TASK STATEMENT
Search the records for the string "VECTOR", then copy each line that has it.

-- DATA RECORDS follows --

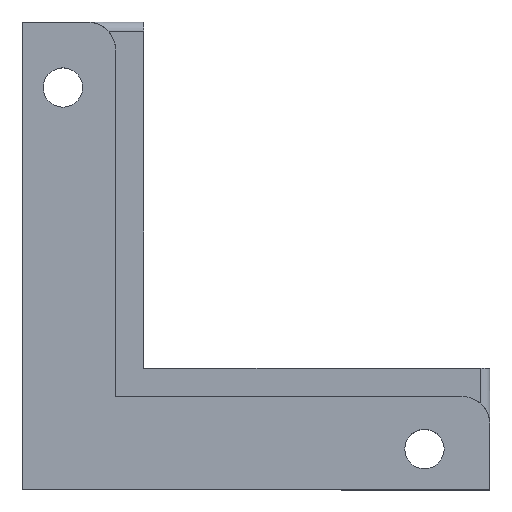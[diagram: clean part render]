
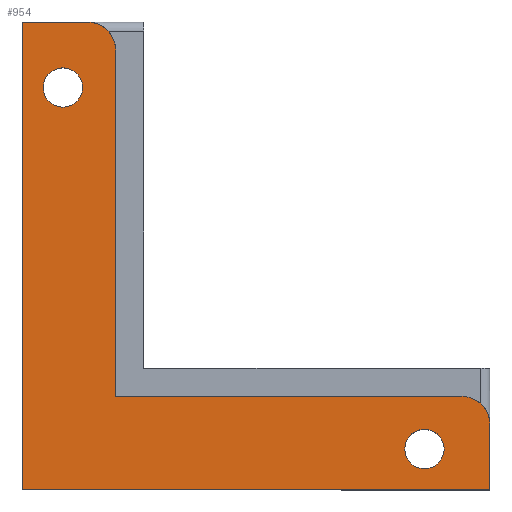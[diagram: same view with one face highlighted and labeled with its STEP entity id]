
A CAD part, top view. The second image highlights one B-rep face of the part: STEP entity #954.
In plain terms, the highlighted planar face has unit normal (0, 0, 1).
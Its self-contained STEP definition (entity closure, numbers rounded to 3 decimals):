
#14 = CIRCLE ( 'NONE', #763, 2.1 ) ;
#45 = ORIENTED_EDGE ( 'NONE', *, *, #637, .T. ) ;
#53 = CARTESIAN_POINT ( 'NONE',  ( 19.372, 210.5, -20. ) ) ;
#70 = EDGE_CURVE ( 'NONE', #488, #412, #174, .T. ) ;
#92 = CARTESIAN_POINT ( 'NONE',  ( 22., 214.5, -20. ) ) ;
#94 = DIRECTION ( 'NONE',  ( 0., -1., 0. ) ) ;
#104 = VERTEX_POINT ( 'NONE', #976 ) ;
#105 = DIRECTION ( 'NONE',  ( -1., 0., 0. ) ) ;
#122 = CARTESIAN_POINT ( 'NONE',  ( 19.372, 210.5, -20. ) ) ;
#133 = AXIS2_PLACEMENT_3D ( 'NONE', #723, #894, #1100 ) ;
#144 = DIRECTION ( 'NONE',  ( 0., -1., 0. ) ) ;
#174 = CIRCLE ( 'NONE', #456, 3. ) ;
#177 = FACE_BOUND ( 'NONE', #524, .T. ) ;
#179 = AXIS2_PLACEMENT_3D ( 'NONE', #53, #1054, #1071 ) ;
#187 = EDGE_CURVE ( 'NONE', #318, #1091, #350, .T. ) ;
#241 = EDGE_CURVE ( 'NONE', #305, #440, #760, .T. ) ;
#260 = AXIS2_PLACEMENT_3D ( 'NONE', #278, #539, #712 ) ;
#278 = CARTESIAN_POINT ( 'NONE',  ( 0., 217.5, -20. ) ) ;
#281 = EDGE_CURVE ( 'NONE', #1091, #318, #14, .T. ) ;
#287 = DIRECTION ( 'NONE',  ( -1., 0., 0. ) ) ;
#290 = EDGE_CURVE ( 'NONE', #488, #870, #1050, .T. ) ;
#301 = EDGE_LOOP ( 'NONE', ( #45, #899 ) ) ;
#304 = CARTESIAN_POINT ( 'NONE',  ( 58., 173.972, -20. ) ) ;
#305 = VERTEX_POINT ( 'NONE', #603 ) ;
#318 = VERTEX_POINT ( 'NONE', #886 ) ;
#320 = DIRECTION ( 'NONE',  ( 0., 1., 0. ) ) ;
#329 = VECTOR ( 'NONE', #94, 1000. ) ;
#345 = VERTEX_POINT ( 'NONE', #416 ) ;
#347 = FACE_OUTER_BOUND ( 'NONE', #561, .T. ) ;
#350 = CIRCLE ( 'NONE', #824, 2.1 ) ;
#356 = ORIENTED_EDGE ( 'NONE', *, *, #557, .F. ) ;
#361 = DIRECTION ( 'NONE',  ( 1., 0., 0. ) ) ;
#364 = CARTESIAN_POINT ( 'NONE',  ( 25., 214.5, -20. ) ) ;
#367 = LINE ( 'NONE', #1196, #1184 ) ;
#380 = DIRECTION ( 'NONE',  ( 0., 1., 0. ) ) ;
#393 = ORIENTED_EDGE ( 'NONE', *, *, #241, .T. ) ;
#394 = LINE ( 'NONE', #1025, #805 ) ;
#396 = DIRECTION ( 'NONE',  ( 0., 1., 0. ) ) ;
#398 = VERTEX_POINT ( 'NONE', #1072 ) ;
#400 = ORIENTED_EDGE ( 'NONE', *, *, #919, .F. ) ;
#409 = DIRECTION ( 'NONE',  ( 1., 0., 0. ) ) ;
#412 = VERTEX_POINT ( 'NONE', #519 ) ;
#413 = CARTESIAN_POINT ( 'NONE',  ( 25., 177.5, -20. ) ) ;
#416 = CARTESIAN_POINT ( 'NONE',  ( 17.272, 210.5, -20. ) ) ;
#432 = VERTEX_POINT ( 'NONE', #716 ) ;
#440 = VERTEX_POINT ( 'NONE', #1087 ) ;
#456 = AXIS2_PLACEMENT_3D ( 'NONE', #92, #1176, #287 ) ;
#462 = ORIENTED_EDGE ( 'NONE', *, *, #281, .F. ) ;
#464 = CARTESIAN_POINT ( 'NONE',  ( 62., 177.5, -20. ) ) ;
#472 = LINE ( 'NONE', #840, #839 ) ;
#488 = VERTEX_POINT ( 'NONE', #364 ) ;
#490 = DIRECTION ( 'NONE',  ( 0., 0., -1. ) ) ;
#518 = VECTOR ( 'NONE', #396, 1000. ) ;
#519 = CARTESIAN_POINT ( 'NONE',  ( 22., 217.5, -20. ) ) ;
#524 = EDGE_LOOP ( 'NONE', ( #877, #462 ) ) ;
#539 = DIRECTION ( 'NONE',  ( 0., 0., -1. ) ) ;
#557 = EDGE_CURVE ( 'NONE', #305, #432, #394, .T. ) ;
#561 = EDGE_LOOP ( 'NONE', ( #958, #1129, #400, #686, #356, #393, #1041, #850 ) ) ;
#563 = DIRECTION ( 'NONE',  ( 0., 0., 1. ) ) ;
#582 = EDGE_CURVE ( 'NONE', #1028, #870, #472, .T. ) ;
#603 = CARTESIAN_POINT ( 'NONE',  ( 65., 167.5, -20. ) ) ;
#619 = AXIS2_PLACEMENT_3D ( 'NONE', #122, #490, #409 ) ;
#629 = PLANE ( 'NONE',  #260 ) ;
#637 = EDGE_CURVE ( 'NONE', #345, #398, #1179, .T. ) ;
#651 = DIRECTION ( 'NONE',  ( -1., 0., 0. ) ) ;
#686 = ORIENTED_EDGE ( 'NONE', *, *, #906, .T. ) ;
#712 = DIRECTION ( 'NONE',  ( -1., 0., 0. ) ) ;
#716 = CARTESIAN_POINT ( 'NONE',  ( 15., 167.5, -20. ) ) ;
#723 = CARTESIAN_POINT ( 'NONE',  ( 62., 174.5, -20. ) ) ;
#729 = CARTESIAN_POINT ( 'NONE',  ( 15., 217.5, -20. ) ) ;
#744 = VECTOR ( 'NONE', #144, 1000. ) ;
#754 = EDGE_CURVE ( 'NONE', #398, #345, #806, .T. ) ;
#760 = LINE ( 'NONE', #854, #518 ) ;
#763 = AXIS2_PLACEMENT_3D ( 'NONE', #1145, #789, #320 ) ;
#789 = DIRECTION ( 'NONE',  ( 0., 0., 1. ) ) ;
#805 = VECTOR ( 'NONE', #105, 1000. ) ;
#806 = CIRCLE ( 'NONE', #619, 2.1 ) ;
#824 = AXIS2_PLACEMENT_3D ( 'NONE', #1044, #563, #380 ) ;
#839 = VECTOR ( 'NONE', #651, 1000. ) ;
#840 = CARTESIAN_POINT ( 'NONE',  ( 65., 177.5, -20. ) ) ;
#850 = ORIENTED_EDGE ( 'NONE', *, *, #582, .T. ) ;
#854 = CARTESIAN_POINT ( 'NONE',  ( 65., 152.5, -20. ) ) ;
#870 = VERTEX_POINT ( 'NONE', #413 ) ;
#877 = ORIENTED_EDGE ( 'NONE', *, *, #187, .F. ) ;
#886 = CARTESIAN_POINT ( 'NONE',  ( 58., 169.772, -20. ) ) ;
#894 = DIRECTION ( 'NONE',  ( 0., 0., -1. ) ) ;
#899 = ORIENTED_EDGE ( 'NONE', *, *, #754, .T. ) ;
#906 = EDGE_CURVE ( 'NONE', #104, #432, #914, .T. ) ;
#914 = LINE ( 'NONE', #729, #329 ) ;
#919 = EDGE_CURVE ( 'NONE', #104, #412, #367, .T. ) ;
#943 = EDGE_CURVE ( 'NONE', #1028, #440, #1019, .T. ) ;
#954 = ADVANCED_FACE ( 'NONE', ( #1177, #347, #177 ), #629, .F. ) ;
#958 = ORIENTED_EDGE ( 'NONE', *, *, #290, .F. ) ;
#976 = CARTESIAN_POINT ( 'NONE',  ( 15., 217.5, -20. ) ) ;
#1019 = CIRCLE ( 'NONE', #133, 3. ) ;
#1025 = CARTESIAN_POINT ( 'NONE',  ( 65., 167.5, -20. ) ) ;
#1028 = VERTEX_POINT ( 'NONE', #464 ) ;
#1041 = ORIENTED_EDGE ( 'NONE', *, *, #943, .F. ) ;
#1044 = CARTESIAN_POINT ( 'NONE',  ( 58., 171.872, -20. ) ) ;
#1050 = LINE ( 'NONE', #1079, #744 ) ;
#1054 = DIRECTION ( 'NONE',  ( 0., 0., -1. ) ) ;
#1071 = DIRECTION ( 'NONE',  ( 1., 0., 0. ) ) ;
#1072 = CARTESIAN_POINT ( 'NONE',  ( 21.472, 210.5, -20. ) ) ;
#1079 = CARTESIAN_POINT ( 'NONE',  ( 25., 217.5, -20. ) ) ;
#1087 = CARTESIAN_POINT ( 'NONE',  ( 65., 174.5, -20. ) ) ;
#1091 = VERTEX_POINT ( 'NONE', #304 ) ;
#1100 = DIRECTION ( 'NONE',  ( 0., -1., 0. ) ) ;
#1129 = ORIENTED_EDGE ( 'NONE', *, *, #70, .T. ) ;
#1145 = CARTESIAN_POINT ( 'NONE',  ( 58., 171.872, -20. ) ) ;
#1176 = DIRECTION ( 'NONE',  ( 0., 0., 1. ) ) ;
#1177 = FACE_BOUND ( 'NONE', #301, .T. ) ;
#1179 = CIRCLE ( 'NONE', #179, 2.1 ) ;
#1184 = VECTOR ( 'NONE', #361, 1000. ) ;
#1196 = CARTESIAN_POINT ( 'NONE',  ( 0., 217.5, -20. ) ) ;

-- DATA RECORDS concluded --

ANSWER FOR THIS EXERCISE
#329 = VECTOR ( 'NONE', #94, 1000. ) ;
#518 = VECTOR ( 'NONE', #396, 1000. ) ;
#744 = VECTOR ( 'NONE', #144, 1000. ) ;
#805 = VECTOR ( 'NONE', #105, 1000. ) ;
#839 = VECTOR ( 'NONE', #651, 1000. ) ;
#1184 = VECTOR ( 'NONE', #361, 1000. ) ;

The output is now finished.